Zoom. L’entreprise zurichoise Flisom vient d’inaugurer une usine de 4500 m2 pour produire à grande échelle des modules solaires flexibles. Elle ambitionne de vendre ses produits dans le monde entier.
Sophie Gaitzsch
«Imaginez l’intérieur d’un paquet d’emballage de chips! Pour le fabriquer, une machine vaporise une mince couche de métal sur un film plastique. Nous utilisons le même procédé, mais pour la production de modules solaires.» Ayodhya Nath Tiwari, cofondateur de l’entreprise zurichoise Flisom, plonge dans une armoire et en ressort le résultat: une installation photovoltaïque qui ressemble davantage à une toile cirée qu’aux panneaux rigides qui se sont multipliés sur les toits du monde entier depuis un peu plus d’une décennie.
Lancée en 2005 par une équipe de scientifiques de l’Ecole polytechnique fédérale de Zurich (EPFZ), Flisom a récemment inauguré une usine pilote de 4500 m2 à Niederhasli, près de Zurich. L’entreprise, qui emploie 55 personnes mais ne vend pas encore ses produits, a pu mener à bien son projet grâce au soutien d’investisseurs, parmi lesquels le groupe indien Tata, qui a contribué à hauteur de 52,5 millions de francs. Une opération remarquée alors que l’industrie, sinistrée par l’arrivée massive sur le marché de la concurrence chinoise et la chute drastique des prix, se relève à peine de la plus grave crise de son histoire.
Un marché énorme
Flisom donne ainsi des perspectives industrielles aux technologies dites «couches minces» développées au Laboratoire fédéral d’essai des matériaux et de recherche (Empa), avec lequel elle collabore étroitement. Son créneau: les cellules CIGS (à base de cuivre, indium, gallium et sélénium). En matière de rendement – le pourcentage de rayonnement solaire transformé en énergie – l’Empa a atteint en 2013 le record mondial de 20,4%.
Il ne faut que deux micromètres d’épaisseur de matériau CIGS, cinquante fois moins qu’un cheveu, pour produire de l’énergie. Une légèreté qui permet par exemple d’intégrer plus facilement les modules aux toits ou aux façades. «Le poids constitue surtout un enjeu important dans les pays en développement, où de nombreux bâtiments ne sont pas prévus pour supporter des installations lourdes, note Ayodhya Nath Tiwari, également professeur à l’EPFZ. Le marché pour ce type de produit est énorme.»
Une technologie de pointe
La fabrication de modules CIGS est aussi moins gourmande en énergie et demande moins d’eau que celle des panneaux solaires traditionnels en silicium. «Cela s’explique par la faible quantité de matériau à traiter, et le fait que les machines sont plus compactes», précise Ayodhya Nath Tiwari. Selon l’institut de recherche allemand Fraunhofer, il faut environ un an, en Sicile, pour «rembourser» le coût énergétique de production d’une installation CIGS, contre environ deux ans pour les panneaux conventionnels en silicium.

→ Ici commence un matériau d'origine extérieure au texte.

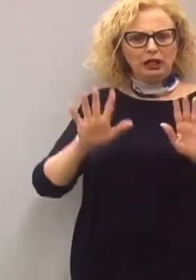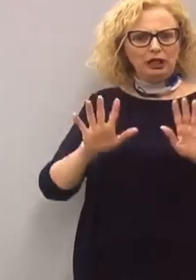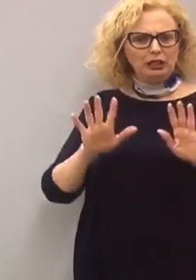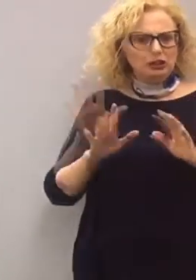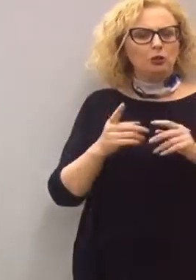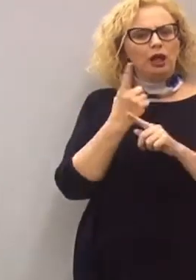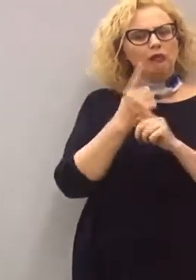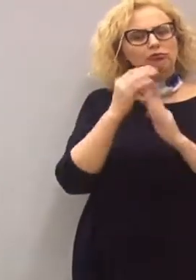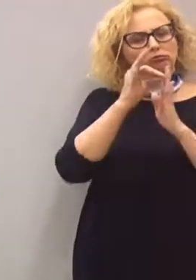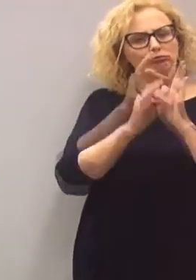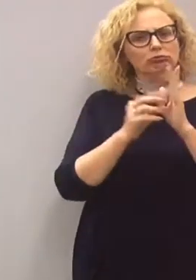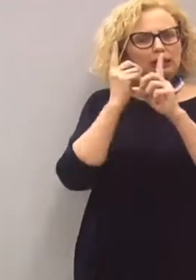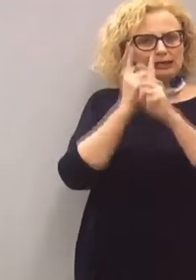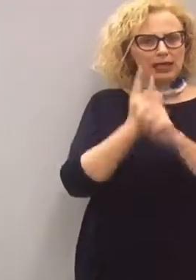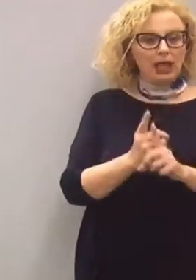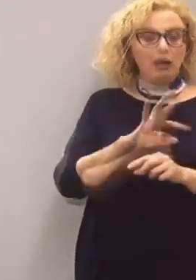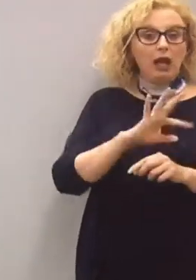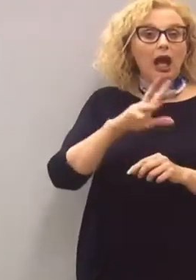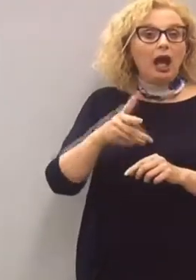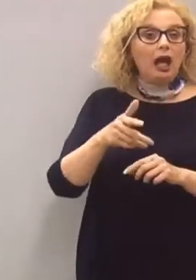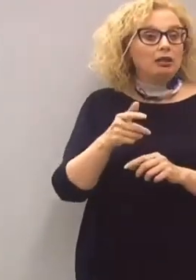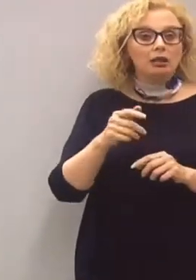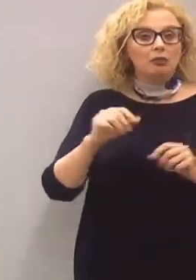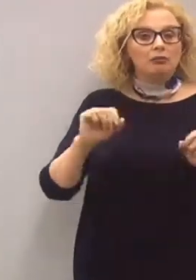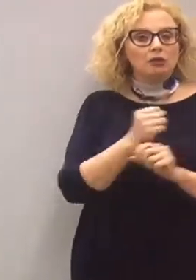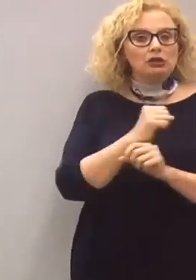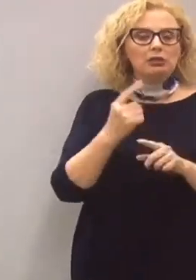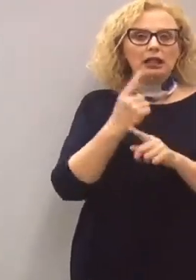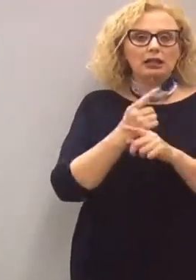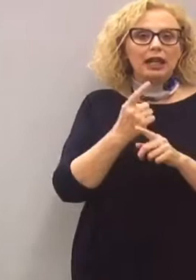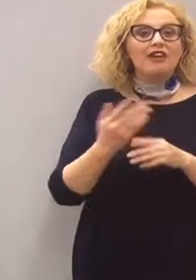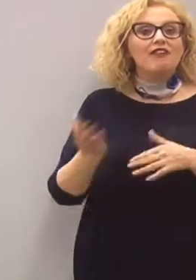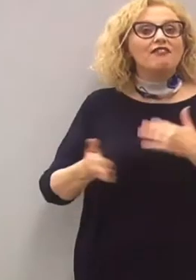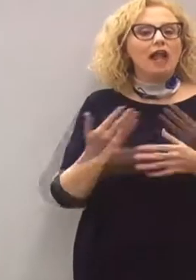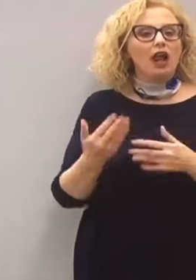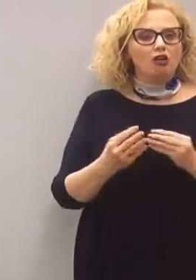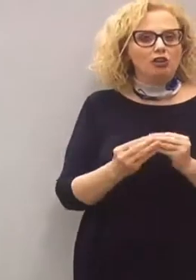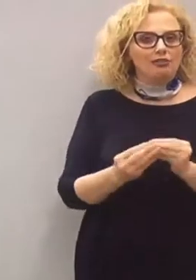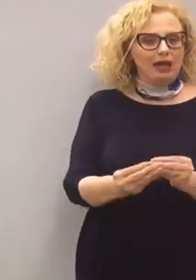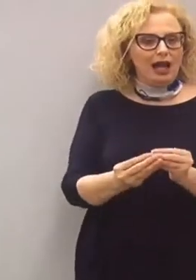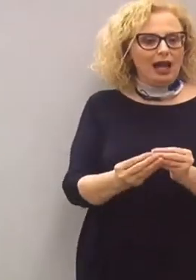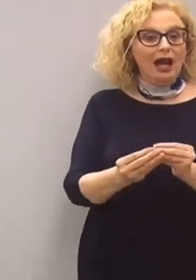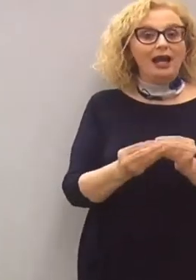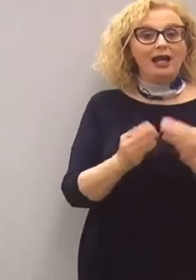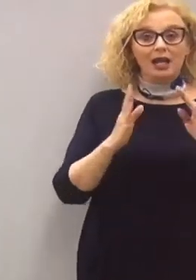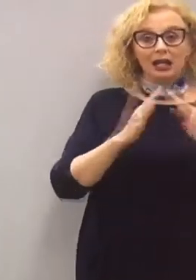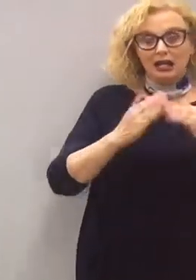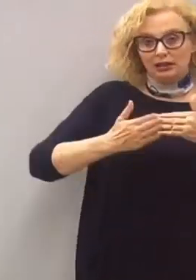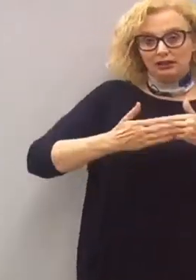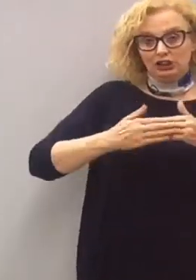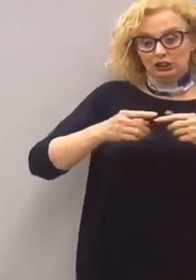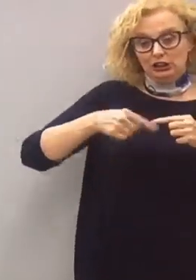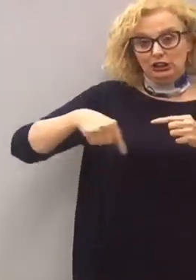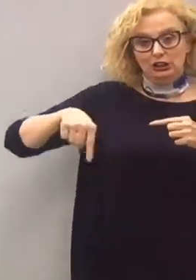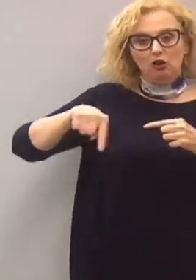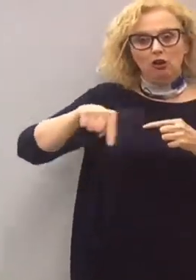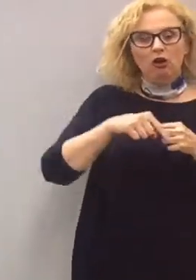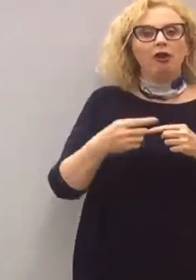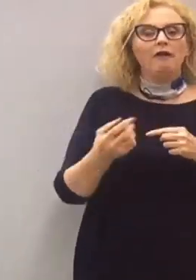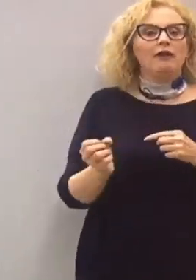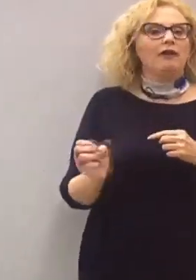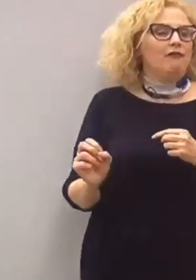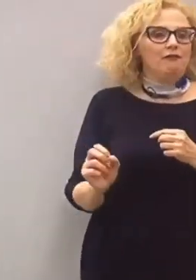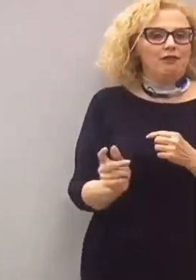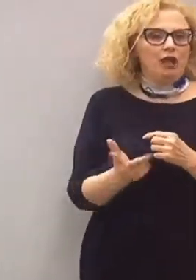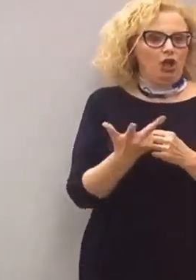a rispettarli lo faccia nel più breve termine di tempo possibile, nella zona più vicina possibile e il più

«Flisom se distingue par sa technologie de pointe et une approche de production originale, explique Christophe Ballif, directeur du Laboratoire de photovoltaïque de l’EPFL. Aujourd’hui, le défi reste de transformer les résultats obtenus sur de petites surfaces dans un produit industriel. Par ailleurs, c’est un bon moment pour arriver sur le marché, qui se ressaisit.» Les analystes prévoient une hausse de la demande de 30% en 2015 et l’installation de 57 gigawatts de nouvelles installations solaires, ce qui correspond à plus de dix centrales nucléaires.
Alors que de nombreuses entreprises se sont cassé les dents, Ayodhya Nath Tiwari affiche ses ambitions: «Nous voulons voir notre technologie dans le monde entier. Mais il faut se montrer patient. Aujourd’hui, le rendement de nos cellules est d’environ 12% alors que nous visons 15%. Quant aux coûts de production, nous devons encore augmenter nos volumes pour qu’ils soient compétitifs. Nous partons du principe qu’il faut quinze à vingt ans entre une idée et une entrée sur le marché avec une technologie mature. Heureusement, nos investisseurs comprennent aussi que cela prend du temps.» Flisom espère ouvrir une usine de production d’ici à deux ou trois ans.